The way I heard it summarized best is: USB is a hole in your computer. You can read this in two ways. It’s both a physical hole, in the enclosure of your computer, but it’s also a gaping security hole.
Are these attacks becoming more common?
When we did this research, there was very little evidence that these attacks were actually happening. This goes for a lot of our work. We venture into unknown territory and see what we find. And oftentimes we find possibilities that criminals haven’t really used yet.
In the case of bad USBs though, the plot is thickening with state-sponsored adversaries doing this a lot. Out of the NSA papers, you know, the stolen papers, some evidence came out that they actually were using [USB hacks] offensively.
But then, more interestingly, even pre-dating our research from last year, there was a large government agency that got infected by a virus, and in response, they didn’t just re-image their computers [reformat the hard drives and reinstall everything]. They destroyed all their computers, including mice, keyboards, everything!
They smashed it.
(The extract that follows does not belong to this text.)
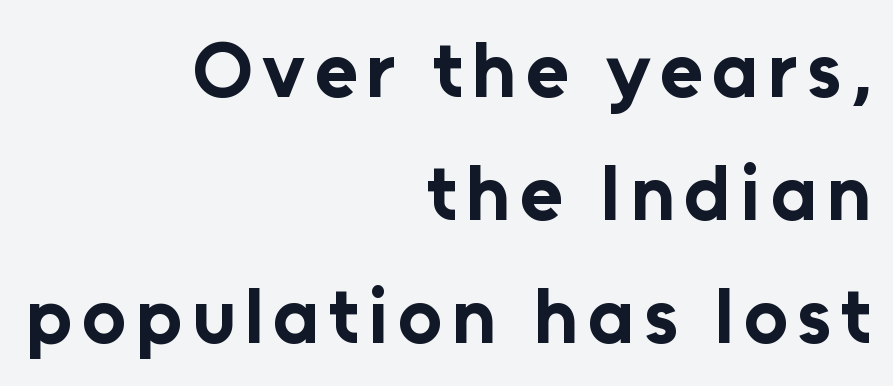
The image shows 78 px bold sans-serif type, upright; set right-aligned, normal line spacing (1.58x), not underlined; low stroke contrast and a medium x-height.

They had to get new keyboards, because they were worried the virus had spread everywhere. You’d think that’s going a little bit overboard, right?
But they didn’t even want to explain why they needed to get new keyboards, even though everybody was making fun of them. Probably if you Google that, you’ll get a lot of cynical remarks over burning up taxpayer’s money.
But let’s say you are the NSA–then you know what’s going on. And if you are part of the same government, the NSA advises you that it’s probably a good idea to also throw away the keyboard if the Russians have broken into your computer.
For you and I, and probably most of your readers, it still seems like science fiction paranoia. But it’s certainly not science fiction as in time travel. It’s already here. It’s just a matter of who your adversary is.
Adding to that thought, malicious USB attacks aren’t actually that difficult to pull off anymore. You don’t need a $10 billion per year budget to do it, like the NSA has. The source code is on the internet now, published by some U.S. researcher.
With just a few weeks of preparation, you can pull off a beautifully bad USB attack. If you do it the right way, by using a normal virus, for something that’s on a million computers already, you can make that virus infect all the USB devices connected to it, and make those infect all the computers that they are connected to. This could spread very widely, and at relatively little cost.
And like you said with the STD metaphor, it can almost take on a life of its own, even beyond the scope of what the original planners thought of, right?
I love these human metaphors with the computer network. It’s so fascinating.
And it seems like a lot of people do. This USB research we did was pretty simple, but it got huge attention. Everybody felt affected by it. And I think everybody was reminded of using USB, and maybe having a slightly bad feeling, and then running a virus scan on a new USB stick and finding that there’s no virus.
Being told that you were doing it wrong all along, since it’s not necessarily detectable by a virus scanner. The idea that there may be viruses actually living inside the hardware, I think, resonated with people very strongly.
And, I’m sure, also terrified them.
It’s everywhere, right? When you have one person with Ebola running around, or in an airport, or a crowded mall in the U.S., who knows what’s next? Thousands of people could die, or maybe nothing will happen. Who knows, right? But the possibility is just so immense.